Each line is a JSON object with the following fields:
| Field | Type | Description |
|---|---|---|
version |
integer | Schema version. Currently 1. |
id |
string | Stable source-event ID for replay and deduplication. |
ts |
string | RFC3339 timestamp of when the response was received. |
claw_id |
string | Agent ID that issued the request. |
path |
string | Request path (e.g., /v1/chat/completions). |
requested_model |
string | Model string as sent by the agent. |
effective_provider |
string | Provider name after routing (e.g., anthropic). |
effective_model |
string | Model name forwarded to the upstream provider. |
status_code |
integer | HTTP status code returned by the upstream. |
stream |
boolean | Whether the response was streamed (SSE). |
request_original |
object | The request body as received from the agent, before any proxy modification. |
request_effective |
object | The request body as forwarded to the upstream provider, after credential swap and any model rewrite. |
response |
object | See response payload below. |
usage |
object | Token counts extracted from the response: prompt_tokens (integer), completion_tokens (integer). |
usage.reported_cost_usd |
number (float) | Cost in USD reported by the provider; omitted when not available |
Response payload (response field):
| Field | Type | Description |
|---|---|---|
format |
string | "json" for standard JSON responses; "sse" for Server-Sent Events streams. |
json |
object | Present when format is "json". The parsed response body. |
text |
string | Present when format is "sse". The raw event stream text. |
Phase 1 is retention only. cllama writes the history; no read API exists. Agents cannot query their own history programmatically. No prompt injection, no retrieval, no summarization. The JSONL files are accessible to operators via the host filesystem mount for offline analysis, auditing, and future tooling.

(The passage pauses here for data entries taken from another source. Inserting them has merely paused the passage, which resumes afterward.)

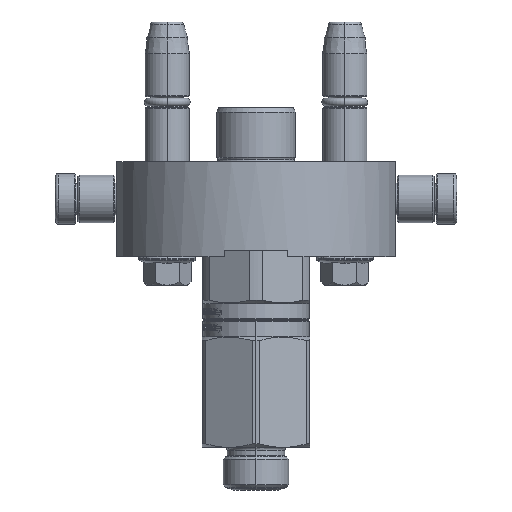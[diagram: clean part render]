
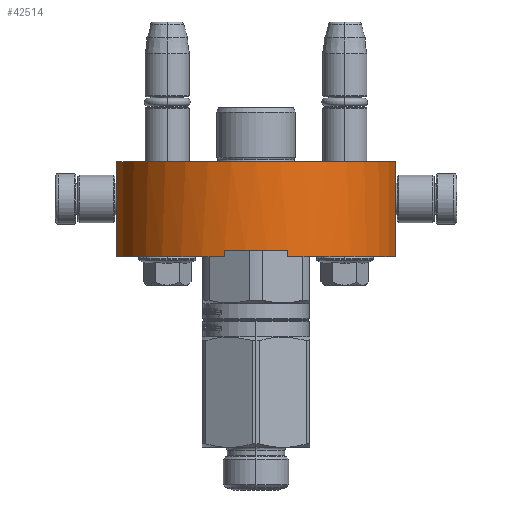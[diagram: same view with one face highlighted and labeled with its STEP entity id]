
A CAD part, left-side view. The second image highlights one B-rep face of the part: STEP entity #42514.
In plain terms, the highlighted cylindrical face has radius 44.75 mm (diameter 89.5 mm), a partial arc.
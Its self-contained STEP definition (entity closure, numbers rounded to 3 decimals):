
#509 = DIRECTION ( 'NONE',  ( -0.983, 0., 0.182 ) ) ;
#1081 = VECTOR ( 'NONE', #13746, 1000. ) ;
#1362 = CARTESIAN_POINT ( 'NONE',  ( 44., 0., 8.159 ) ) ;
#2149 = VECTOR ( 'NONE', #2920, 1000. ) ;
#2769 = VERTEX_POINT ( 'NONE', #22452 ) ;
#2870 = CARTESIAN_POINT ( 'NONE',  ( 44., 30., 8.159 ) ) ;
#2920 = DIRECTION ( 'NONE',  ( 0., 1., 0. ) ) ;
#3419 = DIRECTION ( 'NONE',  ( 0., 1., 0. ) ) ;
#3672 = EDGE_CURVE ( 'NONE', #42752, #4083, #35997, .T. ) ;
#4083 = VERTEX_POINT ( 'NONE', #2870 ) ;
#4228 = CARTESIAN_POINT ( 'NONE',  ( -10., 28., 43.618 ) ) ;
#5350 = VERTEX_POINT ( 'NONE', #50822 ) ;
#5411 = ORIENTED_EDGE ( 'NONE', *, *, #6400, .F. ) ;
#6400 = EDGE_CURVE ( 'NONE', #2769, #37716, #47225, .T. ) ;
#6554 = EDGE_LOOP ( 'NONE', ( #37585, #5411, #23767, #39016, #52555, #38979, #12148, #13270 ) ) ;
#7599 = CARTESIAN_POINT ( 'NONE',  ( 0., 28., 0. ) ) ;
#7801 = CARTESIAN_POINT ( 'NONE',  ( 10., 28., 43.618 ) ) ;
#11449 = CARTESIAN_POINT ( 'NONE',  ( 44., 0., 8.159 ) ) ;
#12148 = ORIENTED_EDGE ( 'NONE', *, *, #50960, .F. ) ;
#13082 = AXIS2_PLACEMENT_3D ( 'NONE', #24161, #3419, #32497 ) ;
#13270 = ORIENTED_EDGE ( 'NONE', *, *, #27915, .F. ) ;
#13630 = DIRECTION ( 'NONE',  ( 0., 1., 0. ) ) ;
#13746 = DIRECTION ( 'NONE',  ( 0., 1., 0. ) ) ;
#15193 = VERTEX_POINT ( 'NONE', #39668 ) ;
#15401 = LINE ( 'NONE', #1362, #1081 ) ;
#16207 = AXIS2_PLACEMENT_3D ( 'NONE', #7599, #53021, #37040 ) ;
#16616 = CARTESIAN_POINT ( 'NONE',  ( 0., 0., 0. ) ) ;
#16734 = DIRECTION ( 'NONE',  ( -0.983, 0., 0.182 ) ) ;
#17354 = VECTOR ( 'NONE', #25074, 1000. ) ;
#17468 = AXIS2_PLACEMENT_3D ( 'NONE', #30155, #13630, #509 ) ;
#19307 = LINE ( 'NONE', #53926, #17354 ) ;
#21098 = CARTESIAN_POINT ( 'NONE',  ( 0., 0., 0. ) ) ;
#22346 = FACE_OUTER_BOUND ( 'NONE', #6554, .T. ) ;
#22452 = CARTESIAN_POINT ( 'NONE',  ( -44., 30., 8.159 ) ) ;
#23767 = ORIENTED_EDGE ( 'NONE', *, *, #39408, .F. ) ;
#24161 = CARTESIAN_POINT ( 'NONE',  ( 0., 30., 0. ) ) ;
#24890 = CIRCLE ( 'NONE', #32043, 44.75 ) ;
#25074 = DIRECTION ( 'NONE',  ( 0., 1., 0. ) ) ;
#27846 = CARTESIAN_POINT ( 'NONE',  ( -10., 30., 43.618 ) ) ;
#27897 = VERTEX_POINT ( 'NONE', #11449 ) ;
#27915 = EDGE_CURVE ( 'NONE', #52136, #5350, #29840, .T. ) ;
#29840 = CIRCLE ( 'NONE', #16207, 44.75 ) ;
#30155 = CARTESIAN_POINT ( 'NONE',  ( 0., 30., 0. ) ) ;
#31433 = EDGE_CURVE ( 'NONE', #27897, #4083, #15401, .T. ) ;
#31757 = EDGE_CURVE ( 'NONE', #52136, #37716, #42659, .T. ) ;
#32043 = AXIS2_PLACEMENT_3D ( 'NONE', #21098, #32345, #16734 ) ;
#32266 = VECTOR ( 'NONE', #45324, 1000. ) ;
#32345 = DIRECTION ( 'NONE',  ( 0., 1., 0. ) ) ;
#32497 = DIRECTION ( 'NONE',  ( 0.223, 0., 0.975 ) ) ;
#33729 = AXIS2_PLACEMENT_3D ( 'NONE', #16616, #45705, #53481 ) ;
#35997 = CIRCLE ( 'NONE', #13082, 44.75 ) ;
#37040 = DIRECTION ( 'NONE',  ( -0.223, 0., 0.975 ) ) ;
#37470 = CARTESIAN_POINT ( 'NONE',  ( -10., 28., 43.618 ) ) ;
#37585 = ORIENTED_EDGE ( 'NONE', *, *, #31757, .T. ) ;
#37716 = VERTEX_POINT ( 'NONE', #27846 ) ;
#38979 = ORIENTED_EDGE ( 'NONE', *, *, #3672, .F. ) ;
#39016 = ORIENTED_EDGE ( 'NONE', *, *, #53655, .T. ) ;
#39408 = EDGE_CURVE ( 'NONE', #15193, #2769, #19307, .T. ) ;
#39668 = CARTESIAN_POINT ( 'NONE',  ( -44., 0., 8.159 ) ) ;
#42514 = ADVANCED_FACE ( 'NONE', ( #22346 ), #43143, .T. ) ;
#42659 = LINE ( 'NONE', #4228, #32266 ) ;
#42752 = VERTEX_POINT ( 'NONE', #53020 ) ;
#43143 = CYLINDRICAL_SURFACE ( 'NONE', #33729, 44.75 ) ;
#45097 = LINE ( 'NONE', #7801, #2149 ) ;
#45324 = DIRECTION ( 'NONE',  ( 0., 1., 0. ) ) ;
#45705 = DIRECTION ( 'NONE',  ( 0., -1., 0. ) ) ;
#47225 = CIRCLE ( 'NONE', #17468, 44.75 ) ;
#50822 = CARTESIAN_POINT ( 'NONE',  ( 10., 28., 43.618 ) ) ;
#50960 = EDGE_CURVE ( 'NONE', #5350, #42752, #45097, .T. ) ;
#52136 = VERTEX_POINT ( 'NONE', #37470 ) ;
#52555 = ORIENTED_EDGE ( 'NONE', *, *, #31433, .T. ) ;
#53020 = CARTESIAN_POINT ( 'NONE',  ( 10., 30., 43.618 ) ) ;
#53021 = DIRECTION ( 'NONE',  ( 0., 1., 0. ) ) ;
#53481 = DIRECTION ( 'NONE',  ( 1., 0., 0. ) ) ;
#53655 = EDGE_CURVE ( 'NONE', #15193, #27897, #24890, .T. ) ;
#53926 = CARTESIAN_POINT ( 'NONE',  ( -44., 0., 8.159 ) ) ;
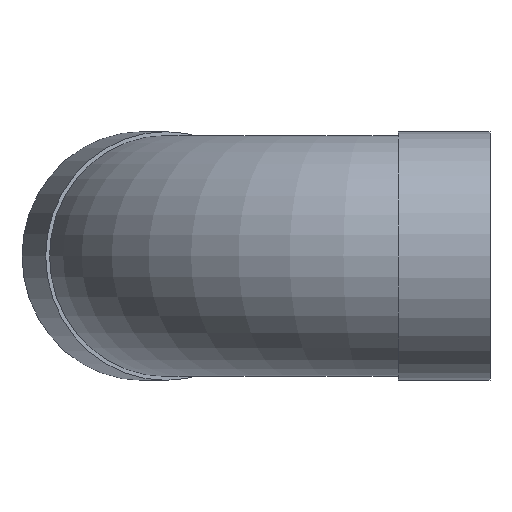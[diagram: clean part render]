
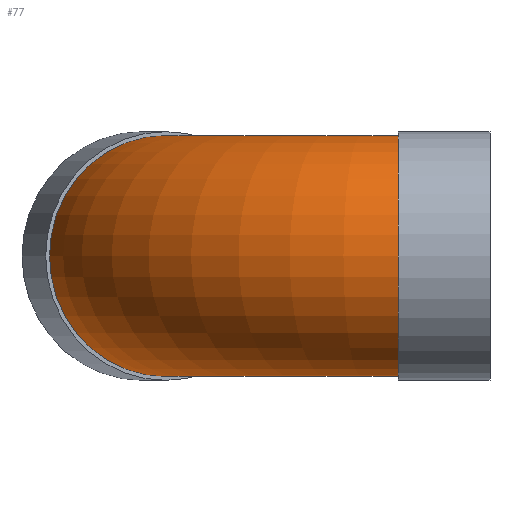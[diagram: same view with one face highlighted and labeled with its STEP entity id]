
A CAD part, left-side view. The second image highlights one B-rep face of the part: STEP entity #77.
In plain terms, the highlighted toroidal (fillet/blend) face has major radius 110 mm and minor radius 55 mm.
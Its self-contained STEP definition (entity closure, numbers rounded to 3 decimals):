
#77 = ADVANCED_FACE( '', ( #150, #151 ), #152, .T. );
#150 = FACE_OUTER_BOUND( '', #212, .T. );
#151 = FACE_OUTER_BOUND( '', #213, .T. );
#152 = TOROIDAL_SURFACE( '', #214, 110., 55. );
#212 = EDGE_LOOP( '', ( #280 ) );
#213 = EDGE_LOOP( '', ( #281 ) );
#214 = AXIS2_PLACEMENT_3D( '', #282, #283, #284 );
#280 = ORIENTED_EDGE( '', *, *, #299, .T. );
#281 = ORIENTED_EDGE( '', *, *, #306, .F. );
#282 = CARTESIAN_POINT( '', ( 110., 41.8, 0. ) );
#283 = DIRECTION( '', ( 0., 0., -1. ) );
#284 = DIRECTION( '', ( -1., 0., 0. ) );
#299 = EDGE_CURVE( '', #323, #323, #324, .T. );
#306 = EDGE_CURVE( '', #335, #335, #336, .T. );
#323 = VERTEX_POINT( '', #359 );
#324 = CIRCLE( '', #360, 55. );
#335 = VERTEX_POINT( '', #371 );
#336 = CIRCLE( '', #372, 55. );
#359 = CARTESIAN_POINT( '', ( 55., 41.8, 0. ) );
#360 = AXIS2_PLACEMENT_3D( '', #394, #395, #396 );
#371 = CARTESIAN_POINT( '', ( 95.765, 94.926, 0. ) );
#372 = AXIS2_PLACEMENT_3D( '', #409, #410, #411 );
#394 = CARTESIAN_POINT( '', ( 0., 41.8, 0. ) );
#395 = DIRECTION( '', ( 0., 1., 0. ) );
#396 = DIRECTION( '', ( 1., 0., 0. ) );
#409 = CARTESIAN_POINT( '', ( 81.53, 148.052, 0. ) );
#410 = DIRECTION( '', ( 0.966, 0.259, 0. ) );
#411 = DIRECTION( '', ( 0.259, -0.966, 0. ) );
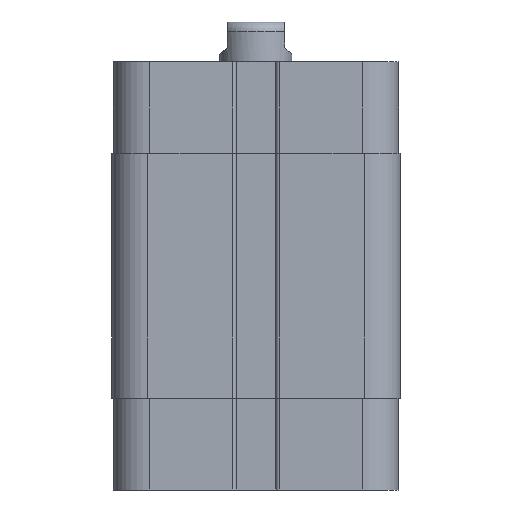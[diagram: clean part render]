
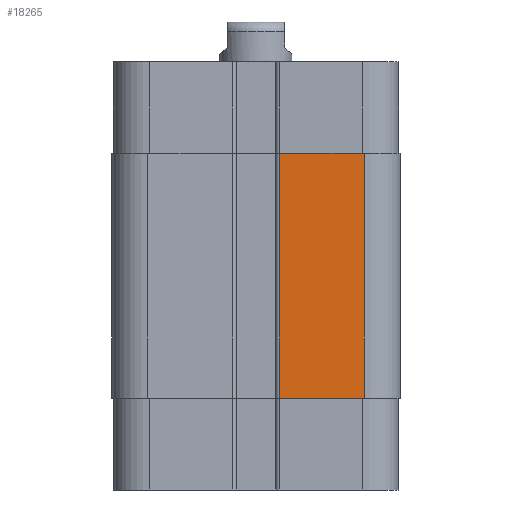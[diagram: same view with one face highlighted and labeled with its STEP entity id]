
A CAD part, front view. The second image highlights one B-rep face of the part: STEP entity #18265.
In plain terms, the highlighted planar face has unit normal (0, -1, 0).
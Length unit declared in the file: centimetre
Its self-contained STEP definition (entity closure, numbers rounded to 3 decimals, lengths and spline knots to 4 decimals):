
#590=PLANE($,#18794);
#1567=FACE_OUTER_BOUND($,#2642,.T.);
#2642=EDGE_LOOP($,(#16438,#16439,#16440,#16441));
#3846=LINE($,#37225,#5137);
#3907=LINE($,#37410,#5198);
#3933=LINE($,#37488,#5224);
#3934=LINE($,#37490,#5225);
#5137=VECTOR($,#20776,1.18);
#5198=VECTOR($,#20965,1.18);
#5224=VECTOR($,#21045,3.4);
#5225=VECTOR($,#21048,3.4);
#8296=VERTEX_POINT($,#37222);
#8297=VERTEX_POINT($,#37224);
#8356=VERTEX_POINT($,#37407);
#8357=VERTEX_POINT($,#37409);
#10953=EDGE_CURVE($,#8297,#8296,#3846,.T.);
#11046=EDGE_CURVE($,#8357,#8356,#3907,.T.);
#11085=EDGE_CURVE($,#8356,#8297,#3933,.T.);
#11086=EDGE_CURVE($,#8357,#8296,#3934,.T.);
#16438=ORIENTED_EDGE($,*,*,#10953,.T.);
#16439=ORIENTED_EDGE($,*,*,#11086,.F.);
#16440=ORIENTED_EDGE($,*,*,#11046,.T.);
#16441=ORIENTED_EDGE($,*,*,#11085,.T.);
#18265=ADVANCED_FACE($,(#1567),#590,.T.);
#18794=AXIS2_PLACEMENT_3D($,#37489,#21046,#21047);
#20776=DIRECTION($,(-1.,0.,0.));
#20965=DIRECTION($,(1.,0.,0.));
#21045=DIRECTION($,(0.,0.,1.));
#21046=DIRECTION('center_axis',(0.,-1.,0.));
#21047=DIRECTION('ref_axis',(1.,0.,0.));
#21048=DIRECTION($,(0.,0.,1.));
#37222=CARTESIAN_POINT('',(0.315,-2.,4.675));
#37224=CARTESIAN_POINT('',(1.495,-2.,4.675));
#37225=CARTESIAN_POINT($,(1.495,-2.,4.675));
#37407=CARTESIAN_POINT('',(1.495,-2.,1.275));
#37409=CARTESIAN_POINT('',(0.315,-2.,1.275));
#37410=CARTESIAN_POINT($,(0.315,-2.,1.275));
#37488=CARTESIAN_POINT($,(1.495,-2.,1.275));
#37489=CARTESIAN_POINT('Origin',(1.495,-2.,11.975));
#37490=CARTESIAN_POINT($,(0.315,-2.,1.275));
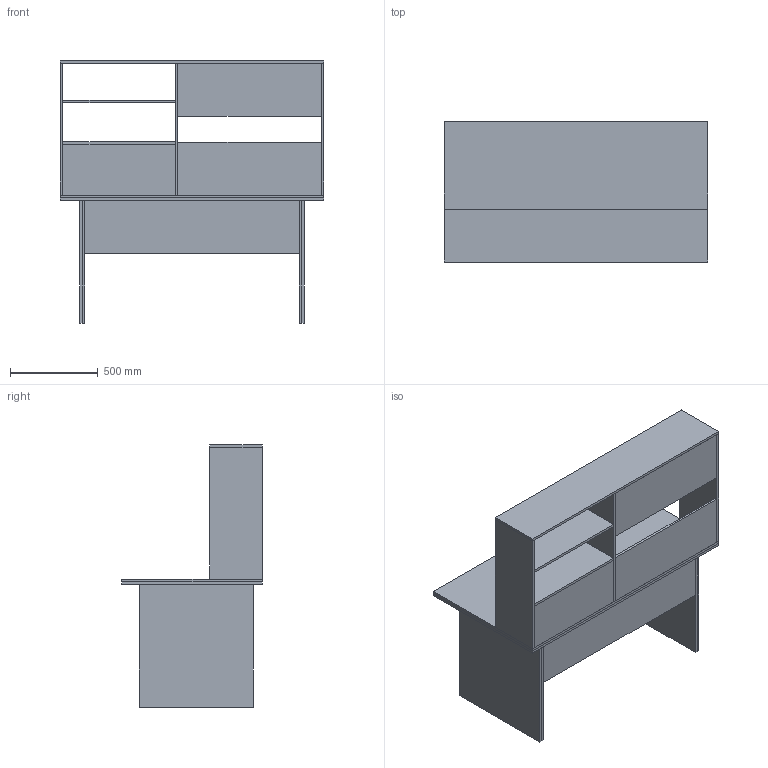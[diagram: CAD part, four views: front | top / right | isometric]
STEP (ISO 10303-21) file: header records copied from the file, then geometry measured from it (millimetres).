
FILE_DESCRIPTION((''), '2;1');
FILE_NAME( 'output_file', '2009-06-07T17:44:47-07:00', (''), (''), 'SolveSpace', '', '');
FILE_SCHEMA (('CONFIG_CONTROL_DESIGN'));
Length unit declared in the file: millimetre
Products named in the file (1): 1
Bounding box: 1500 x 800 x 1495 mm (x, y, z)
Surface area: 14183190 mm2 (no closed solid volume)
Topology: 0 solids, 96 shells, 96 faces, 384 edges, 384 vertices
Faces by surface type: bspline 96
Entity records: 2994 total; most frequent: CARTESIAN_POINT 1537, VERTEX_POINT 384, EDGE_CURVE 384, ORIENTED_EDGE 384, EDGE_LOOP 96, FACE_OUTER_BOUND 96, ADVANCED_FACE 96, DIRECTION 2
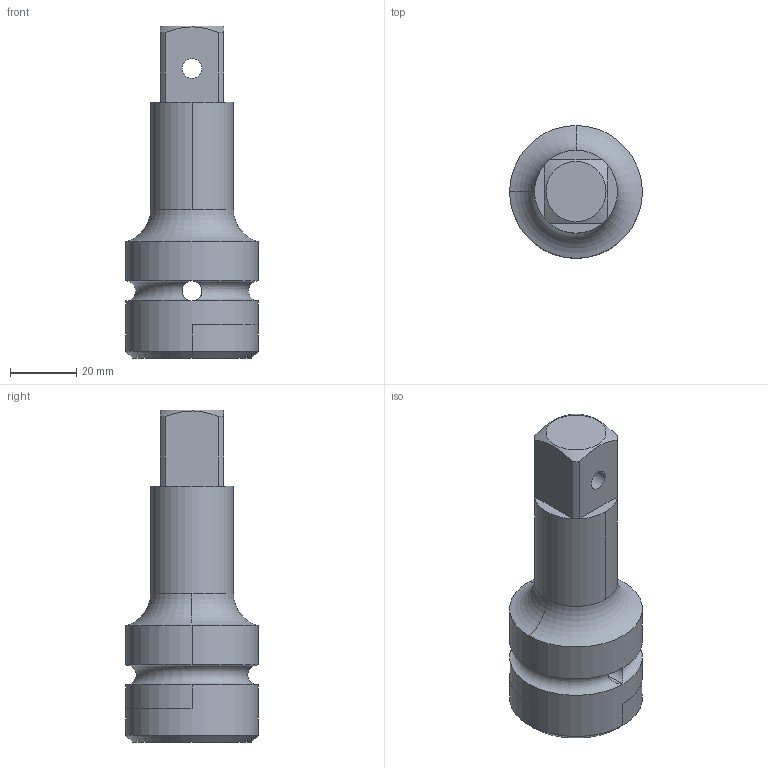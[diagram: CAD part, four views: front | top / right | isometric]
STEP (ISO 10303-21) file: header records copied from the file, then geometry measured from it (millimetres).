
FILE_DESCRIPTION((''),'2;1');
FILE_NAME('4023360801','2023-09-07T11:00:19',('a00565553'),(''),'CREO PARAMETRIC BY PTC INC, 2022414','CREO PARAMETRIC BY PTC INC, 2022414','');
FILE_SCHEMA(('CONFIG_CONTROL_DESIGN','GEOMETRIC_VALIDATION_PROPERTIES_MIM'));
Length unit declared in the file: millimetre
Products named in the file (1): 4023360801
Bounding box: 40 x 40 x 100 mm (x, y, z)
Volume: 57615.6 mm3; surface area: 14677.2 mm2
Topology: 1 solids, 1 shells, 50 faces, 136 edges, 88 vertices
Faces by surface type: cylinder 24, plane 12, cone 10, torus 4
Entity records: 2292 total; most frequent: CARTESIAN_POINT 468, DIRECTION 276, ORIENTED_EDGE 272, PRESENTATION_STYLE_ASSIGNMENT 137, STYLED_ITEM 137, CURVE_STYLE 136, EDGE_CURVE 136, AXIS2_PLACEMENT_3D 112

Clawdapus provides a reference image: ghcr.io/mostlydev/cllama.
The passthrough reference:
- Adheres to the v1 HTTP API and Listen Port.
- Validates the environment (
CLAW_POD,CLAW_CONTEXT_ROOT, provider credentials), bearer-token identity resolution, and mounts. - Acts as a pure, transparent proxy (no decoration, no amendment).
- Emits structured logs of all traffic.
This image is used for testing network integration and serves as the boilerplate for operators to build proprietary cllama policy engines (e.g., incorporating advanced DLP, RAG-based context injection, or conversational configuration).
Tools like ClawRouter act as specialized instances of a cllama proxy focused entirely on forced model routing, rate limiting, and compute metering. A routing proxy seamlessly intercepts model requests, evaluates them against organizational budgets or provider availability, and dynamically routes, downgrades, or rate-limits the request to strictly contain costs across a fleet of untrusted agents.